Lifebloom is the lightest heal, in terms of mana, so use it liberally. The best thing to do is stack three lifebloom, but do it this way: cast the next one right before the first one runs out. That way, you maximise your healing-mana output, because it heals for x amount the first six seconds, then for 2x for the next seconds, BUT it still uses the same amount of mana, not two times, and then 3x for the next 6 seconds after that. Note that the direct heal at the end of the heal confers threat ON the receiver, not on the healer – so it is an absolutely excellent heal to use on the tanks.
When fights begin, stack Lifebloom on the tank, plus maybe a Rejuvenate, then move on and Rejuvenate or if absolutely necessary, Regrowth the other members. You give them the bigger heals, so that you won’t have to keep coming back to top them off – you want to reserve that time and mana for the tank. And that also means less healing agro on you, since they are not tanking.
With good bonus healing and mana-regen, and the fact that we have Innervate, druid healers can outlast pally and shaman healers in dungeons. I am not just saying this, because I’ve seen it happen quite a few times. I rarely ever run of mana unless in long boss-fights in Kara, at which point I either use a mana pot or innervate. Innervate first, then pot, because the two-min CD might affect any health-pots you might have to use, and because it is cheaper to do that.
The discretion to use Swiftmend and Nature’s Swiftness lies with you, but save Nature’s Swiftness for absolute emergencies when someone is going down fast, followed by Regrowth, and Swiftmend if the damage is fast.
Tranquility is the best, most powerful heal in the game – even holy priests can’t match the sheer power of the heal, which can save a dying raid group. But this is a panic button which should be used with discretion, because of the 10-min CD. Cast Barkskin before casting Tranquility, to avoid interruption of spell-casting.
And yes, you do need bandages. In a fight, if you are silenced or out of mana, bandages can save lives.
Like I said before, Blessing of Salvation is what you should be getting from a Paladin to reduce agro – Blessing of Might increases agro.
A tactic I like to use is Shadowmeld, to avoid agro. You can shadowmeld in Tree form, so before the fight begins, meld until the tank has grabbed agro, and all the crowd-control (CC) has been done. This avoids any stray mobs coming for you at the very beginning, especially in case of bad pull or a mis-timed CC. Healers tend to go down in two hits from elites, so this can be critical.
HoTs draw less agro than direct healing, so you should be somewhere near the end of the agro-table. If not, use HoTs sparingly, but, as always, never put agro-management before survival of the raid. The tank can’t grab agro off you, if he is dead. Make sure you take the two points in Restoration tree, Improved Tranquility, which will reduce threat generated by your Tranquility by 100%.

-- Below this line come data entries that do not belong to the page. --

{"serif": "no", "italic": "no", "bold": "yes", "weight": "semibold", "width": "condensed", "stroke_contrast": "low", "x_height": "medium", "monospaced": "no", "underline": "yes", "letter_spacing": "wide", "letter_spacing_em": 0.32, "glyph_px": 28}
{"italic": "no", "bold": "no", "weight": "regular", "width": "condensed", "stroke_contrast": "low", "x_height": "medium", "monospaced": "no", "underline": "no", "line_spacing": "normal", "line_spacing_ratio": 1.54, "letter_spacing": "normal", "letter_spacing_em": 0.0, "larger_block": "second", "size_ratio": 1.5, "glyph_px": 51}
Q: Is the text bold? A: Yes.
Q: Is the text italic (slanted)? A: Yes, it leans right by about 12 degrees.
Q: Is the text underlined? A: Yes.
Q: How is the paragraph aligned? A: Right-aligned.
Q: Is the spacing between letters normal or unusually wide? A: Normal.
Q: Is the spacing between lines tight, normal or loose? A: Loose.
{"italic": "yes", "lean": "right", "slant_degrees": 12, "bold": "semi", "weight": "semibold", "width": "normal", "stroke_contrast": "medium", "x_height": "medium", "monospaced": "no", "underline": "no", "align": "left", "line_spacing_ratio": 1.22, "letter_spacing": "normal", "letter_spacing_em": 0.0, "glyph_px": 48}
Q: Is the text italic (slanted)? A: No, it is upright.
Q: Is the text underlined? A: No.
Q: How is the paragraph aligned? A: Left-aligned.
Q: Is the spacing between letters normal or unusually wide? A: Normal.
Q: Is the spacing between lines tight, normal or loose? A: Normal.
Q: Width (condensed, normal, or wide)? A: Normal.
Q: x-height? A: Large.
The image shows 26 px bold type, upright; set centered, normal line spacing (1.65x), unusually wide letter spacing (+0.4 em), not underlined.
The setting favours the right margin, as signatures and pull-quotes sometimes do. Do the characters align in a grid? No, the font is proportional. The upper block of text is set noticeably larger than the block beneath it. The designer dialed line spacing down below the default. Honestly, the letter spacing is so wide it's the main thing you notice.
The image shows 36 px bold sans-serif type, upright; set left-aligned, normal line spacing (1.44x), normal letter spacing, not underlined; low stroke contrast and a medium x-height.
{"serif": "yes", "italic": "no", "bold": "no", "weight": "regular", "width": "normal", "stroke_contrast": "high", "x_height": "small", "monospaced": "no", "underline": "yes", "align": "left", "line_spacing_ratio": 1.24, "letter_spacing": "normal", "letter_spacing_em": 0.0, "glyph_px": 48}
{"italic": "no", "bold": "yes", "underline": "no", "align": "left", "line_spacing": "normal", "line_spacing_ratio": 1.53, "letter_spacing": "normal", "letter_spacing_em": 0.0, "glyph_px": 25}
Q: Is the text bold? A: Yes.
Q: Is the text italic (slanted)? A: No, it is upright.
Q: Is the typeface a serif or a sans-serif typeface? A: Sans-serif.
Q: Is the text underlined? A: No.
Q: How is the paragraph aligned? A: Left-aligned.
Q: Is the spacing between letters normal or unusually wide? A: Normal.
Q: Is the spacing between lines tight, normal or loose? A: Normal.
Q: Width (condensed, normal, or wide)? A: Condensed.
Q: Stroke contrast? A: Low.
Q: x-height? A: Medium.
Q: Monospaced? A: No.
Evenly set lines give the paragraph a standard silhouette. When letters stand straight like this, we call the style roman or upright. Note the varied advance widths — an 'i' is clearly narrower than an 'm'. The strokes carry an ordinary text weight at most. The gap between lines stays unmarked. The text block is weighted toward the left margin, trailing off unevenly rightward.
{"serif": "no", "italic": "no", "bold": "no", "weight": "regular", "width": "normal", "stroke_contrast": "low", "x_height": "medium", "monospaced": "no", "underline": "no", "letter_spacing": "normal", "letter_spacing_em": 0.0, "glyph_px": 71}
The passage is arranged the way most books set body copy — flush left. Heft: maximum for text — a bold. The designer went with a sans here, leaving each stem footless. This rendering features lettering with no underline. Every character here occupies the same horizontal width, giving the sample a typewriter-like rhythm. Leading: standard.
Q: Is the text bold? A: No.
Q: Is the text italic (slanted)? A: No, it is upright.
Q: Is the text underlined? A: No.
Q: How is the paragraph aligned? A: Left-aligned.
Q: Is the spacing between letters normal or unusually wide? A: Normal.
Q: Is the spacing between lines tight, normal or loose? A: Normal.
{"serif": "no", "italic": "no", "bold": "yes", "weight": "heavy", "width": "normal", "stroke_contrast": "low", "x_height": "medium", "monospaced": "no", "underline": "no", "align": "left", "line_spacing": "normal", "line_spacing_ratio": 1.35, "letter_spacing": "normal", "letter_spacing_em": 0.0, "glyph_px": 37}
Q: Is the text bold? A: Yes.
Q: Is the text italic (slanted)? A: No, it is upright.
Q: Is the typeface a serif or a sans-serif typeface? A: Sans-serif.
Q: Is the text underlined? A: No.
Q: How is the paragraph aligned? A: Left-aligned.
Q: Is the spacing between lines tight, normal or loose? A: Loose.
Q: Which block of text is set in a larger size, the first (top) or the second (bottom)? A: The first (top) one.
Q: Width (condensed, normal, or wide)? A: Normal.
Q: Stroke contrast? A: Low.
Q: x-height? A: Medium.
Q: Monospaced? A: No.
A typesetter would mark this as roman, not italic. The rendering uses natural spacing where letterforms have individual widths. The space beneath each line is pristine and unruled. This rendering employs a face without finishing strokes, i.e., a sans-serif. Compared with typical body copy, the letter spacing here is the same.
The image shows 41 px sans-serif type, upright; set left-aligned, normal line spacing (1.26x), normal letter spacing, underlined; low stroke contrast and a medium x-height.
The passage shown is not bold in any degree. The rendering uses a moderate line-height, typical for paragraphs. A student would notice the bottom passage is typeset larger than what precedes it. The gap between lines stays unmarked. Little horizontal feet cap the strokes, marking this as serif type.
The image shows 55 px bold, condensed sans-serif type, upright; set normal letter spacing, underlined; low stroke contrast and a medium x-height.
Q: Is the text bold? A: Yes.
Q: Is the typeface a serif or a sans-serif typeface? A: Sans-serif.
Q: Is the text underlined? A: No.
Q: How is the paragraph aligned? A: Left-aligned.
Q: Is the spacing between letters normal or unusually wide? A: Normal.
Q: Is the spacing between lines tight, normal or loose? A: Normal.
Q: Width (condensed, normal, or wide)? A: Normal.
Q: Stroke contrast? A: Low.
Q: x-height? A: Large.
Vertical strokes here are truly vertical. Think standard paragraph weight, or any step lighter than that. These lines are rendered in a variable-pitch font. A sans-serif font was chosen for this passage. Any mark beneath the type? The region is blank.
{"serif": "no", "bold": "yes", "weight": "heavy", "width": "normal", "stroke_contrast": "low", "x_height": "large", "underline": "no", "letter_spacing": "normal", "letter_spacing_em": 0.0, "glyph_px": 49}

Everyone has their own macros, but I like this one that I created, in case you are being attacked.
/party Help Me!
You can change the /party to /raid, depending on situation. When you are being attacked, you won’t have the time to type out and ask for help, so make sure you hotkey this macro. It is not possible to create a macro such that you cast more than one heal, because of the Global Cooldown. You can play around with the combination, though, and maybe replace the Barkskin with Cyclone.
You are not going to be able to fit in all the spells in the single action bar, if you haven’t realised that by now. You can call up additional action bars – but if it is not on your main action bar, you can’t assign number-keys to it. Give precedence to healing spells – you can actually leave out Healing Touch from the action bar when in Tree form. Panic buttons should be assigned easily reachable keys, such as “1”, or “=”.
Assign reachable keys to your group members so that you don’t have to waste precious seconds targeting with the mouse – this will not be that useful in raids, but it will be, in 5-man instances.